Sunday, February 04, 2007

Monochrome and CS3 Beta Bridge

Until I started shooting with a digital camera, all my work was shot with Black and White film. I have always loved Monochrome images and although you can change a color digital file to monochrome, I never was totally happy with the transition. I tried Channel Mixer. I tried LAB. I tried a couple of plug-ins that I liked better than making the change in Photoshop but still I wasn't totally satisfied with them either.

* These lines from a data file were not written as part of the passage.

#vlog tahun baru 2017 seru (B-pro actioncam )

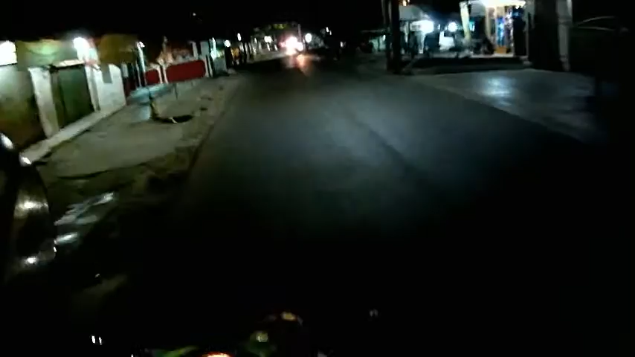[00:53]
Orang-orang udah pada pulang nonton rumah api, gue mau baru jalan-jalan.
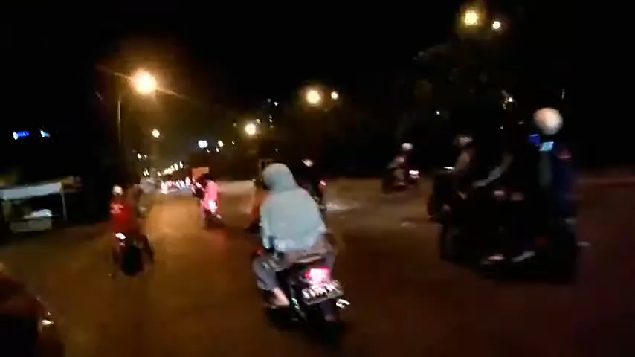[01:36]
Oke, kali ini kita udah di Jalan Puri Kembangan ya, Jalan Kembangan arah lampu merah Cengkareng.
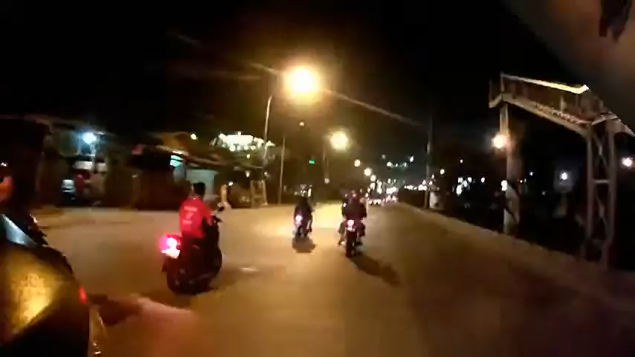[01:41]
Nah sekarang gue udah di flyover nih, di flyover.
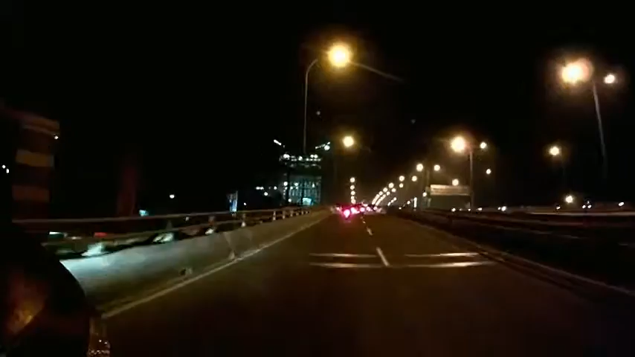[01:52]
Ternyata di flyover juga rame tuh di sebelah kiri, ya di sebelah kiri juga tuh masih banyak orang-orang tuh. Aduh, kayaknya seru banget tuh. Ini juga ya, tahun baru di flyover menjadi ya, sama pasangan-pasangannya.
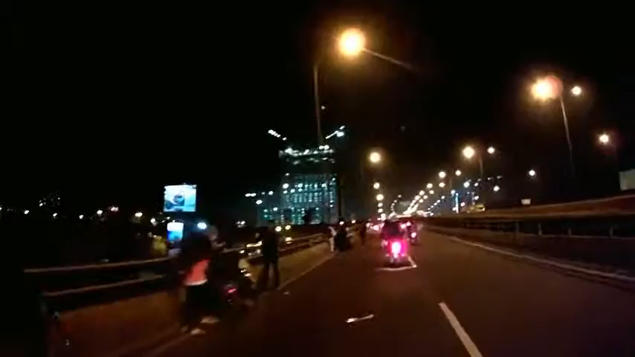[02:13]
Malah, nah tuh pasangan berpasangan berpasangan. Banget di atas flyover. Aduh, masih di atas flyover. Seru juga kayaknya. Sebenarnya kembang api ya di atas. Masih di flyover. Enaknya di flyover.

Now along comes an early Beta release of Photoshop CS3. I'm not even going to address the reasons for this Beta release or some of the other features but if you have Photoshop this Beta release is worth downloading even though it is still a little buggy. If for no other reason, it is worth downloading for the variety of ways it gives you to change a color digital file to a grayscale digital file. Shutterbug has a great article by George Schaub, CS3 Beta..B&W Improvements and Changes. Schaub outlines the ways you can change the image in Camera Raw and also within Photoshop.

The method that makes me very happy is one of the ways you can convert to B&W in Camera Raw. You can adjust exposure and such on the first screen but then click on the "H" tab and there you have the option for checking grayscale and THEN you have hue sliders so that you can adjust hues and make some of the original colors darker or lighter. More powerful than Channel Mixer. Infinite adjustments to the contrast in your image.....and all of this is before you open the image in Photoshop....all of these changes are totally non-destructive to your image. All your pixels are still very happy!

2 comments:

Howard Grill said...

I was just thinking of starting to play around with some black and white conversions so I am glad to hear there are some easier and very effective options coming along. I have also heard that Lightroom (though I have mixed feeelings about learning new software in addition to Photoshop) also has some easy and effective black and white conversions that con be done from it. Looks like digital black and white might be getting ready to 'break out'!

Billie said...

Howard, I think that more than anything it is the printing of B&W digital images. We want them to glow like a silver image and the paper to have the gloss, Dmax and texture of gelatin silver papers. I think we may be getting there too with some of the new papers.